Dennis Selkoe, the Vincent and Stella Coates Professor of Neurologic Diseases at Harvard Medical School and Brigham and Women’s Hospital, has devoted his career to the use of molecular approaches to study Alzheimer’s disease (AD), Parkinson’s disease and related basic biological questions. He is a graduate of Columbia University and the University of Virginia School of Medicine. After initial research training at the National Institutes of Health (NINDS), he completed a residency in neurology at the Harvard/Longwood Program and a postdoctoral fellowship in neuronal cell biology and neurochemistry in the Department of Neuroscience, HMS. In 1978, he founded a laboratory applying biochemical and cell biological techniques to the study of human neurodegeneration.
Selkoe and coworkers broke new ground in 1982 when they developed a method to isolate the abnormal neurofibrillary tangles that are a hallmark of AD and described their unusual chemical properties. With other labs, they identified the microtubule-associated protein tau as the principal component of tangles. Selkoe then turned his attention to the other hallmark lesion of AD — the amyloid plaque — and has conducted extensive experiments on the amyloid ß-protein (Aß) and its precursor, APP. The results led him to formulate a theory — the amyloid (or Aß) hypothesis — about the pathogenic cascade that causes AD. In 1992, Selkoe and collaborators discovered that Aß is continuously produced by normal cells throughout life. This unexpected finding initiated the dynamic study of Aß formation in cultured cells and has enabled the identification of Aß production inhibitors. The lab showed that inherited mutations in APP, and later the presenilin genes, cause AD by increasing the generation of Aß. In 1999, Selkoe and colleagues identified presenilin as the long-sought gamma-secretase, an unprecedented intramembrane aspartyl protease that processes APP, Notch and many other proteins. Recently, the Selkoe lab conducted a series of studies showing that small, soluble oligomers of Aß are responsible for synaptic injury and interfere with memory.

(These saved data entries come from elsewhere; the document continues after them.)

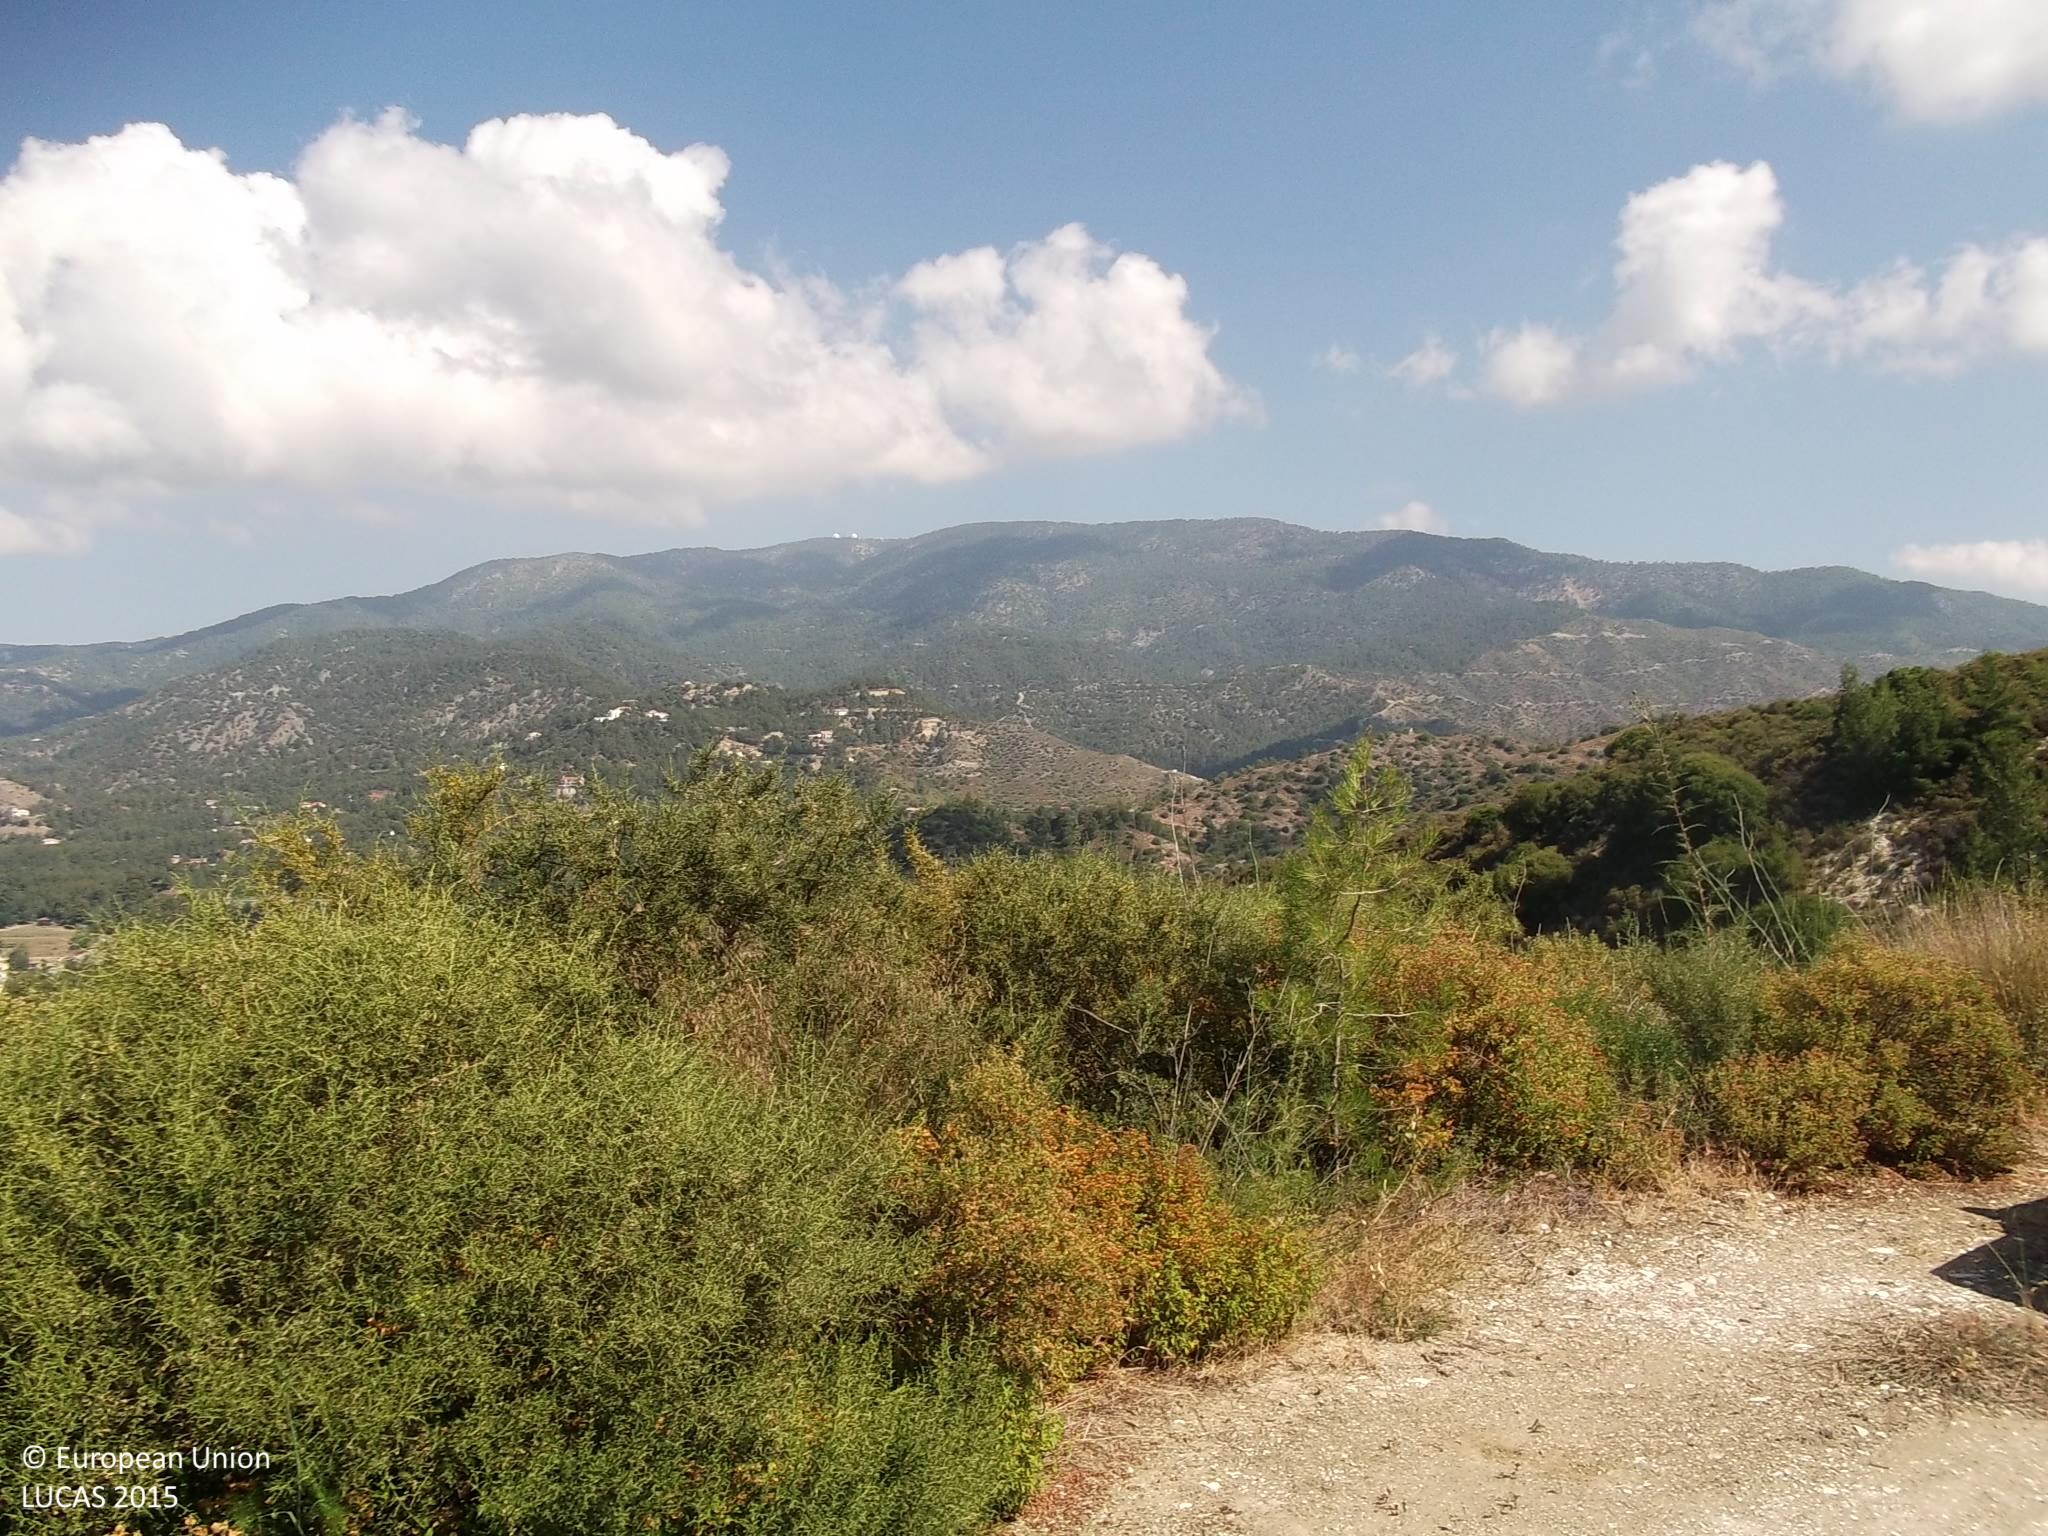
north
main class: Woodland
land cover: Pine dominated coniferous woodland
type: coniferous forest of the mediterranean region
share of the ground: 25 - 50 %
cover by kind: coniferous forest trees 40 %, shrubs 40 %, unconsolidated bare surface 20 %
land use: Forestry
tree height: > 5 m
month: June
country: CY
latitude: 34.8505
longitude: 32.9257

These advances have led to numerous awards, including the Potamkin Prize (shared with George G. Glenner), the Metropolitan Life Foundation Award, and the A.H. Heineken Price for Medicine. Selkoe is a member of the Institute of Medicine of the National Academies and a Fellow of the American Association for the Advancement of Science. He co-founded and co-directs the Center for Neurologic Diseases at Brigham and Women’s Hospital. Selkoe was the principal founding scientist of Athena Neurosciences, now Elan Pharmaceuticals. He has served on the editorial boards of several scientific journals, the Neuroscience Review Committee of the Howard Hughes Medical Institute and the National Advisory Council on Aging (NIH). With HMS Dean Joseph P. Martin, he founded the Harvard Center for Neurodegeneration and Repair in 2001.